Disclaimer: This post was written at the end of a very long and exhausting day after close to 4 months without a good night’s sleep. It’s not quite as bad as it sounds. I almost deleted the whole thing after I wrote it, but that feels dishonest. So here it is. Don’t call child protective services quite yet.
I wonder if there’s a point in every new mom’s life when she feels it just can’t get any harder. I imagine for most moms, that happens a little closer to the beginning – at four, or six, or eight weeks – when you stare down at this tiny person and can’t believe that you are solely responsible for keeping him alive. When your back hurts and your breasts are sore and you are so very, very tired. Maybe I should consider myself lucky that I haven’t felt this way until now. But at this moment – 16 weeks into this new life – I don’t think I can handle any more.
I must have gotten a total of about 3 hours of sleep last night. First I couldn’t fall asleep. Then as soon as I finally nodded off, Z woke up for the second time. (I was still awake for the first.) Then the kicking started. And it didn’t stop. Finally, at 3:30am, I decided to banish the boy to his crib in the other room. Then I cried for 20 minutes. When I went to check on him, he was fast asleep. So I went back to bed and fell asleep myself. 10 minutes later he started crying.

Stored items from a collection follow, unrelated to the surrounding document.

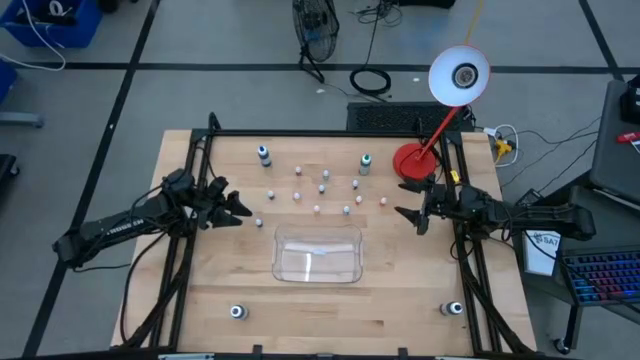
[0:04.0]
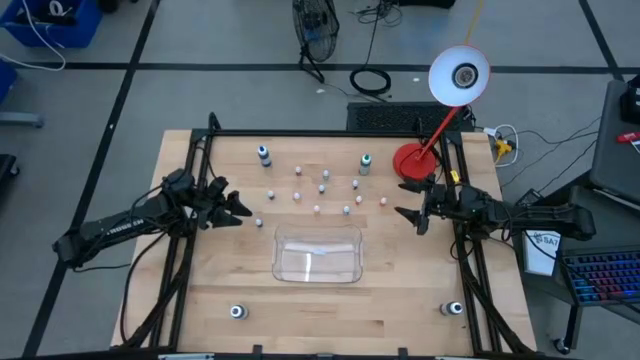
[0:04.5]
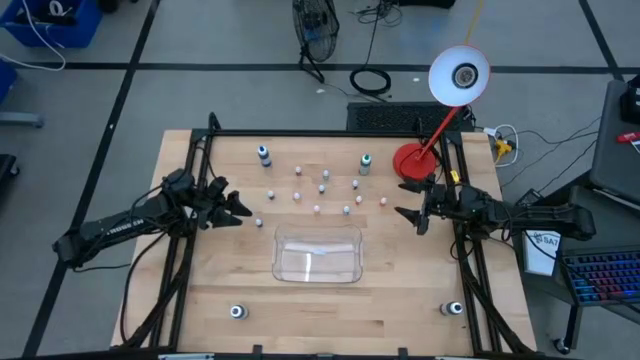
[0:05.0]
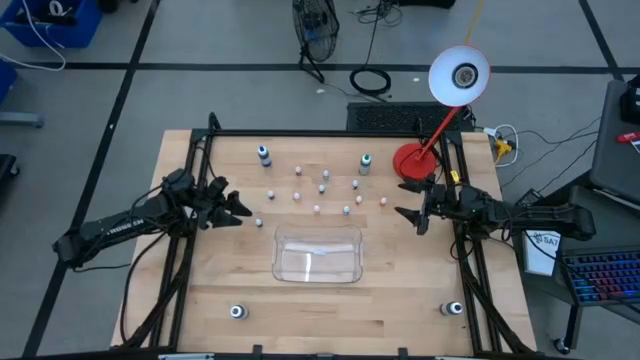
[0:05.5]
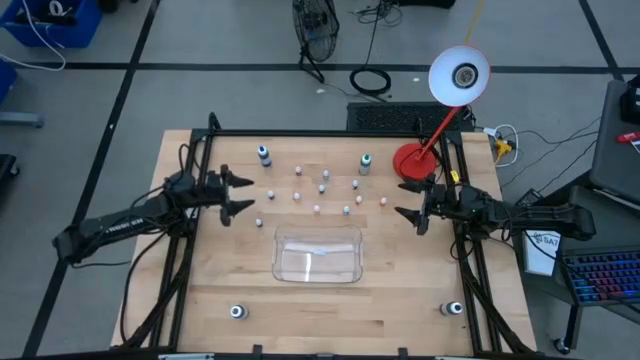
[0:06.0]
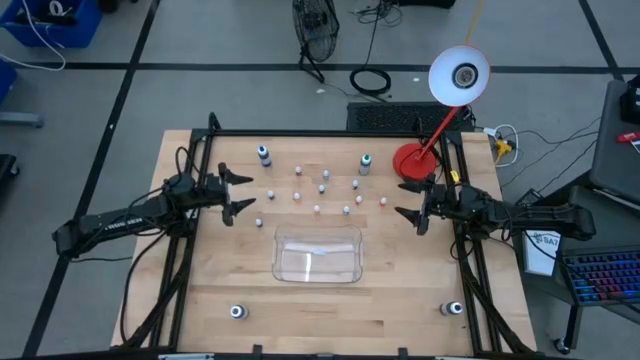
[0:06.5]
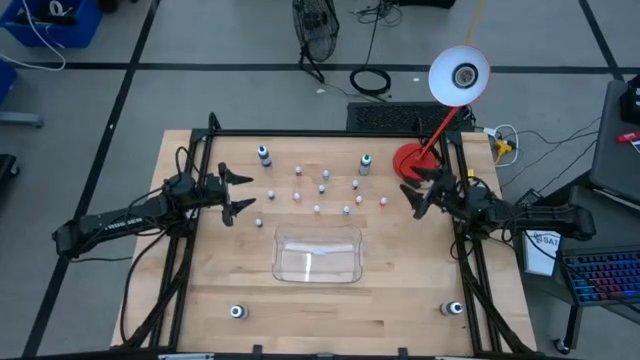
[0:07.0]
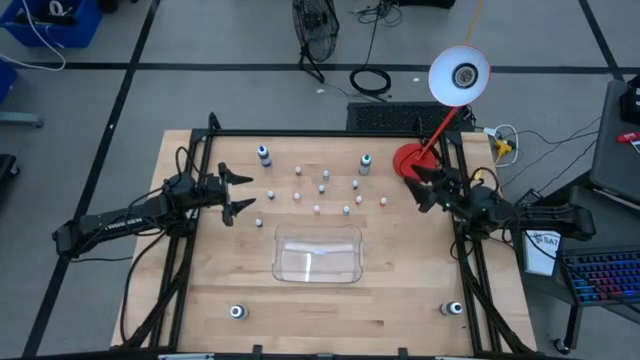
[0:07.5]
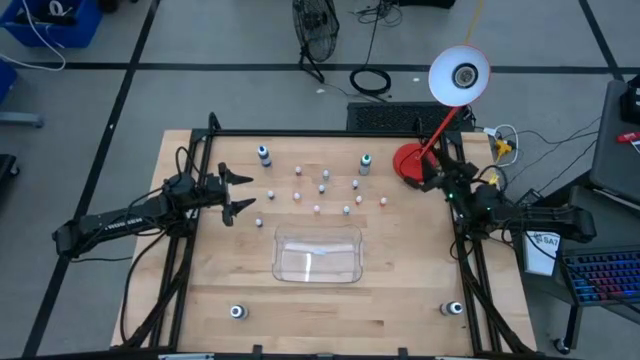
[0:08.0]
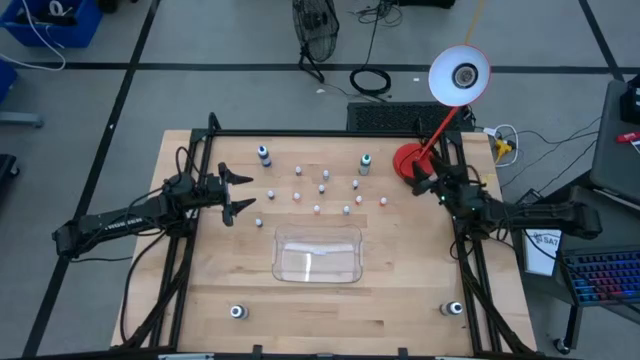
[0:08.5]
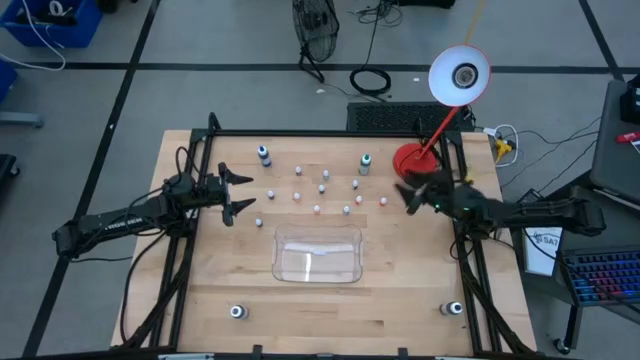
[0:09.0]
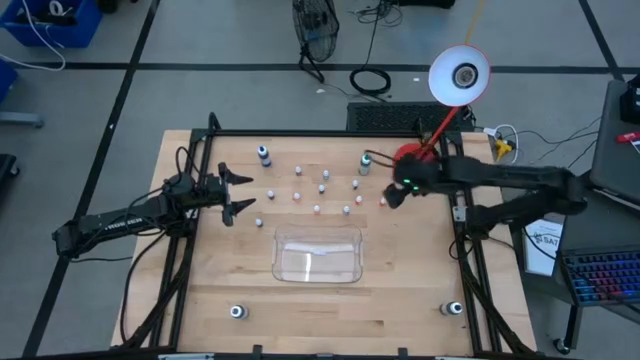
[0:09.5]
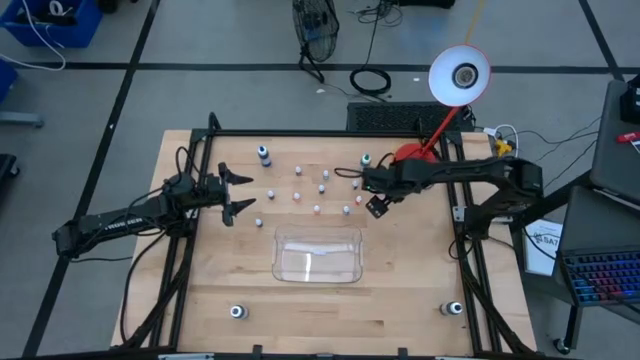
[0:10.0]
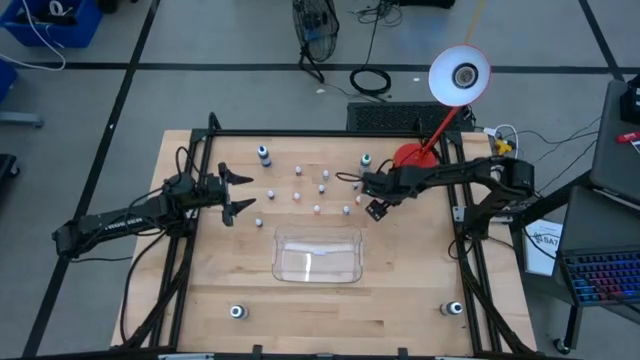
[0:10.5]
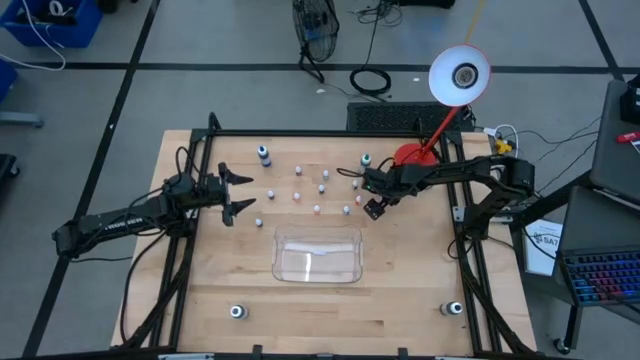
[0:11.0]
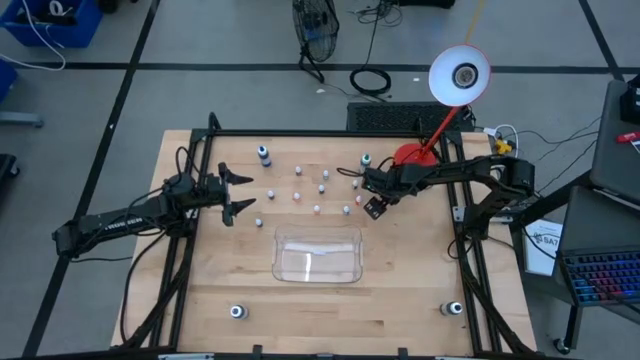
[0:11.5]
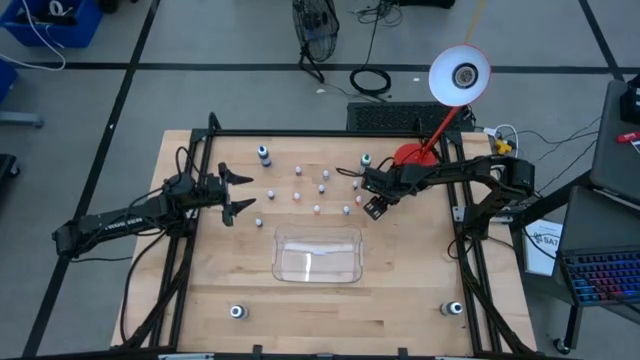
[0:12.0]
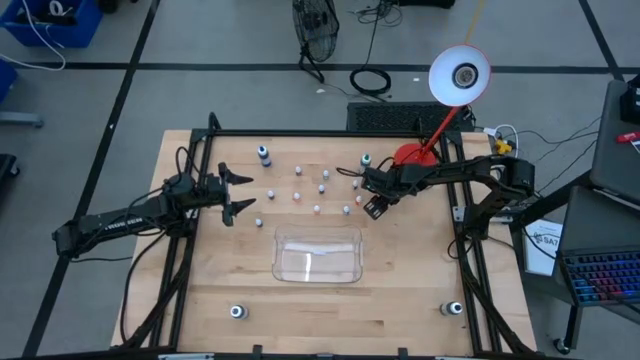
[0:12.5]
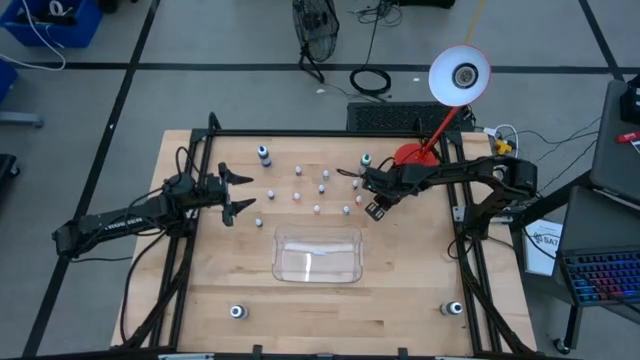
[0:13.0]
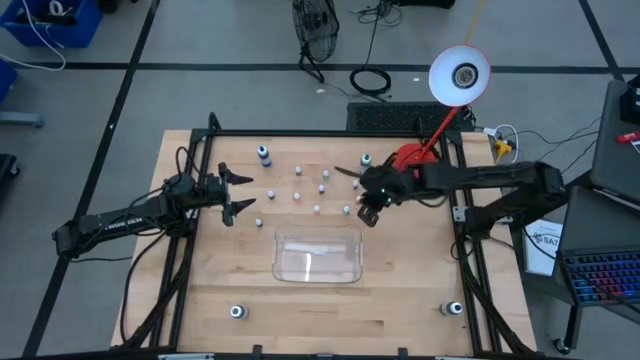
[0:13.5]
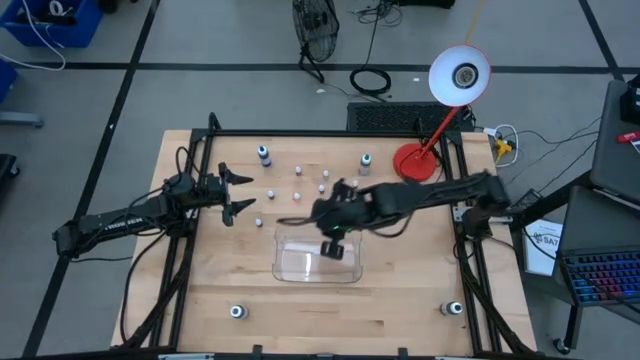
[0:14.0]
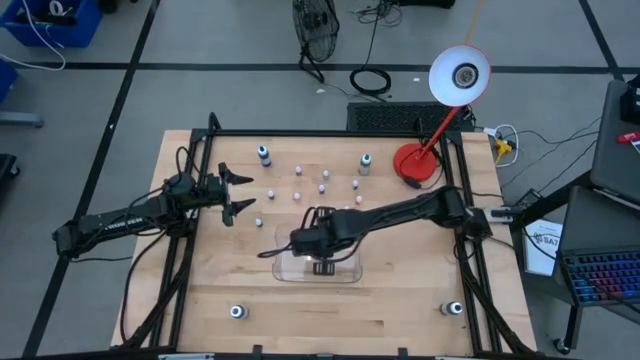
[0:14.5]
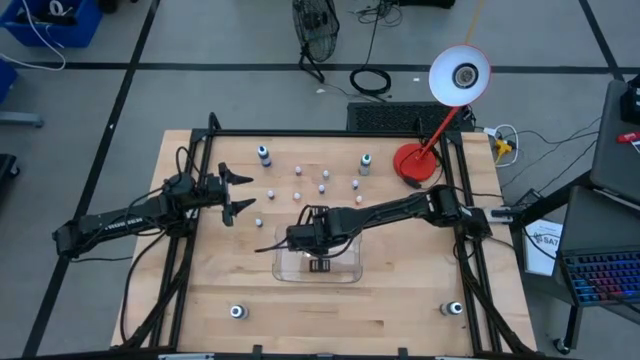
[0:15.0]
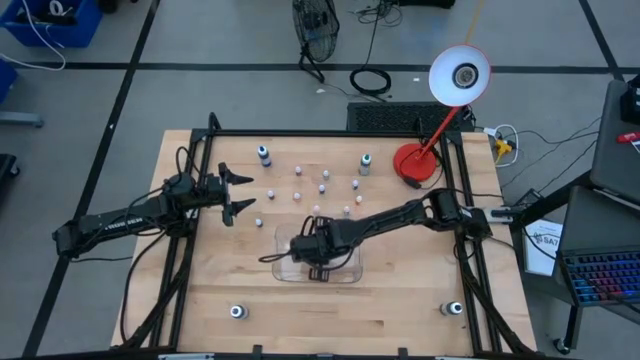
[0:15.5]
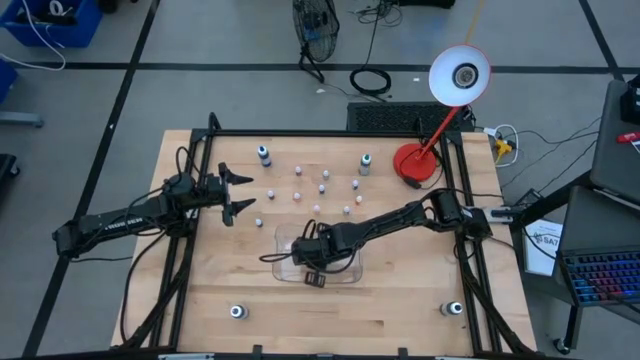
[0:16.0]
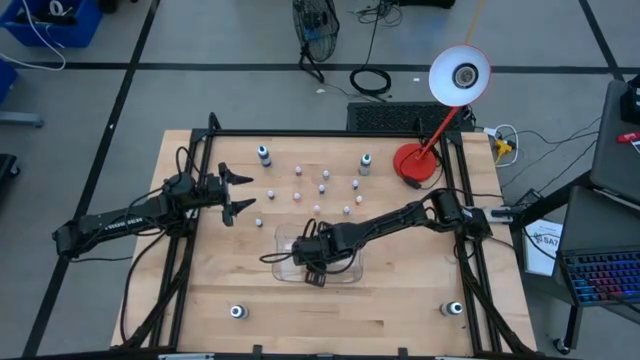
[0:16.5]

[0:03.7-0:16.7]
Task: Pick & Place food coloring
Put the small orange food coloring bottle into the transparent bin

Some amount of sleep finally happened between feeding him again and Dave leaving me alone with him at 6:30am.
I’m not entirely sure what happened between 6:30 and 10:30am when I left the house – but there was some crying (his and mine), some eating, some swinging, and a bit more sleeping. Most of the afternoon was okay. We went for a hike with a mom friend, and Zeke slept almost the whole time (reinforcing poor napping yet again). But even when things are okay these days, I dread the inevitable breakdown that will come – and that is no way to be with a baby.
My latest attempt to curb Z’s fussiness is putting him down for a nap every two hours (more on that later). At 4pm, I swaddled him and put him in his crib. I put my head down on the railing, gearing up for the long lulling-to-sleep process, and I actually fell asleep there. I was jolted awake at 4:15 when my arm slipped off the rail. Luckily, Zeke had fallen asleep as well, so I was able to sleep on the couch for another 30 minutes before he woke up again.
Dave got home and we had a nice hour together before the dreaded bedtime routine which, per usual, led to complete hysteria and my feeling like I really can’t take this anymore. (Compounding matters is a bit of an oversupply problem I’ve been having which is causing Zeke to have green poop and reject the boob from time to time – a terrible thing when it’s all I can do to soothe him.)
So here we are – 16 weeks into this thing – as tired as I think it’s possible to be, fearful of not being able to handle one more night feeding, one more bout of crying, one more forced nap. Another mom friend said the universe won’t give you more than you can handle. If this is true, I’ve about reached my limit.
PS: It’s not all bad. The new 90210 is thoroughly entertaining. This is how far I’ve sunk.
Man oh man, sorry you are having such hard times. Let me know if there’s anything that girl power can do: food or errands or tasks (or an early crash course in diapering and babysitting?). I got 6 weeks left to offer you before I follow suit…
Dear Mia,
I sent you a long blathery email because I have such a hard time confining my comments to the realm of the brief! But I thought i would add this, if you want to check out a similar state of mind–experienced when Daisy was about 16 months old:
http://sarahgossblog.blogspot.com/2007_11_01_archive.html
It shows that my hardest, most frustrating moments were definitely not experienced in the newborn phase alone! And… I felt like the universe had given me more than I could handle about three days ago (four?) with my 2-year-old. You aren’t alone. And I echo Deb–please let me know if there’s anything I could do to help.